The macros are named _syscalln, where n is between 0 and 6. The number refers to the number of parameters that can be passed in. This is because the macro needs to know how many parameters to expect so that it can push them into registers [1, P. 81].

For example, the open() system call is defined as:

long open(const char *filename, int flags, int mode)

The syscall macro to use this system call without library support would be:

#define __NR_open 5
_syscall3(long, open, const char *, filename, int, flags, int, mode)

Then, the application can simply call open().

Each macro has $2 + 2 n$ parameters. The first parameter is the return type, and the second parameter is the name of the system call. The remaining parameters are pairs of the type and name for each parameter [1, P. 81].

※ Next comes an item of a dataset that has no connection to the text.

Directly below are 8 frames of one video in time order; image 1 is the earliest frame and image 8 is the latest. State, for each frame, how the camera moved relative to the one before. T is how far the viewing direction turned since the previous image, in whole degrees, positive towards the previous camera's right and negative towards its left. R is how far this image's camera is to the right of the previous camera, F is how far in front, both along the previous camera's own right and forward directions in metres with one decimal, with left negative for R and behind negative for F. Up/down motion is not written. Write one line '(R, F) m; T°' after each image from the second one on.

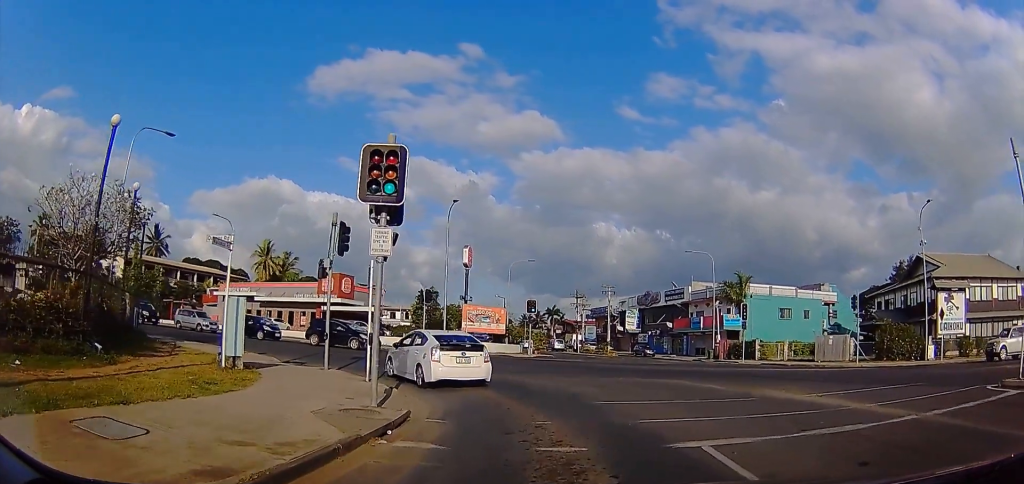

The _syscall3() macro expands into a C function with inline assembly. The assembly pushes the system call number and parameters to the correct registers and issues the software interrupt to trap into the kernel. Placing the macro into an application is all that’s required to use the open() system call [1, P. 81].

Conclusion

System calls are an important API for user space code to execute privileged kernel actions.

Calling a system call from user space involves adding the correct arguments to registers, and trapping into the kernel. Normally this is taken care of by functions in the C library.

References

[1] L. R., Linux Kernel Development (Developer’s Library), 3rd ed. Addison-Wesley Professional, 2010.